Nachdem die Schule im Oktober 2025 eine Gefährdungsmeldung eingereicht hatte, entzog die Kindes- und Erwachsenenschutzbehörde (KESB) Ausserschwyz den Eltern noch am selben Tag vorsorglich das Recht, den Aufenthaltsort ihrer Tochter zu bestimmen. Das Mädchen, geboren 2013, wurde in einer Notfallgruppe einer Stiftung untergebracht. Auslöser waren unter anderem Suizidgedanken der Tochter, eine Verhaltensstörung, bei der sie sich zwanghaft Haare ausriss, sowie ihr klar geäusserter Wille, nicht nach Hause zurückzukehren.
Der Vater wehrte sich gegen diese Massnahme und zog den Fall bis vor die obersten Richter. Er bestritt die Sachverhaltsdarstellung der Behörden, warf ihnen vor, seine Aussagen falsch protokolliert zu haben, und machte geltend, der Wille seiner Tochter sei von aussen beeinflusst worden. Ausserdem verlangte er, das Mädchen solle stattdessen freiwillig in einer psychiatrischen Klinik untergebracht werden. Die Mutter des Kindes akzeptierte die behördlichen Entscheide und erhob keine Rechtsmittel.

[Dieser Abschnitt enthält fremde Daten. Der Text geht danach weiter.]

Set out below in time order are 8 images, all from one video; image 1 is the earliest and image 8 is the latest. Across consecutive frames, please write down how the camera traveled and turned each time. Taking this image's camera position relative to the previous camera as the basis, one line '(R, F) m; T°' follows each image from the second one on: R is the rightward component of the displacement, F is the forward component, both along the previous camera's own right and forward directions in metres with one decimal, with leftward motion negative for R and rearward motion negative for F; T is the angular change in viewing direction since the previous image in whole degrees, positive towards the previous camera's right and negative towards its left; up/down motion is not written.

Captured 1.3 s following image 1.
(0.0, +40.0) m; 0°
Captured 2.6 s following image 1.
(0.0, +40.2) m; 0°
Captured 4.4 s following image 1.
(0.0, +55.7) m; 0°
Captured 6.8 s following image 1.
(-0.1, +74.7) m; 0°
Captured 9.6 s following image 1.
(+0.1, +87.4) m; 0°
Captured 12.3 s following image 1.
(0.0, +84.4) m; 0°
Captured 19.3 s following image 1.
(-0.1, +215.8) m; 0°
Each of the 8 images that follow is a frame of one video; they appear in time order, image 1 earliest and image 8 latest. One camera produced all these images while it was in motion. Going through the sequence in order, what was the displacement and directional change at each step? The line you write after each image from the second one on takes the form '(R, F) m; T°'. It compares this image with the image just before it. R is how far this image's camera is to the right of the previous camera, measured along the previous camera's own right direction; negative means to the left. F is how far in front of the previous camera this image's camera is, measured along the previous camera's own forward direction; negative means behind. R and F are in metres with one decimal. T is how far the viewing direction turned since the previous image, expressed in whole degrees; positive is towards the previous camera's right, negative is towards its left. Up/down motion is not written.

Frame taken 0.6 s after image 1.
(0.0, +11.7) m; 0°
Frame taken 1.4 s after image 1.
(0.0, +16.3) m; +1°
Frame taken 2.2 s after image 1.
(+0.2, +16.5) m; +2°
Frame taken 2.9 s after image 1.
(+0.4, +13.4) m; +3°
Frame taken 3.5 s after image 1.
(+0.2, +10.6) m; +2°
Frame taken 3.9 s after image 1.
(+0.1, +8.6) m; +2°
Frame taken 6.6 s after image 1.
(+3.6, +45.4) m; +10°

Die Richter wiesen die Einwände des Vaters ab. Sie hielten fest, dass die Tochter erheblichen Leidensdruck aufweise, der zumindest teilweise auf die Situation zu Hause und das belastete Verhältnis zum Vater zurückzuführen sei. Seit der Unterbringung in der Stiftung habe sich ihr Zustand deutlich verbessert: Das Essverhalten sei unauffällig, die Schulleistungen gut, und die Symptome der Verhaltensstörung seien verschwunden. Die vom Vater bevorzugte freiwillige Klinikunterbringung lehnten die Richter ab, weil die Eltern eine solche jederzeit hätten abbrechen können – was dem Schutzzweck der Massnahme widersprochen hätte.
Ebenfalls bestätigt wurde die Einsetzung eines Kindesvertreters, der die Interessen des Mädchens im laufenden Verfahren wahrnimmt. Der Vater hatte dessen Eignung bestritten und ihm einen Interessenkonflikt vorgeworfen. Die Richter fanden diese Vorwürfe nicht stichhaltig: Eine juristische Ausbildung sei für einen Kindesvertreter nicht zwingend erforderlich, und ein Interessenkonflikt sei nicht belegt. Der Vater muss die Verfahrenskosten von 3000 Franken tragen.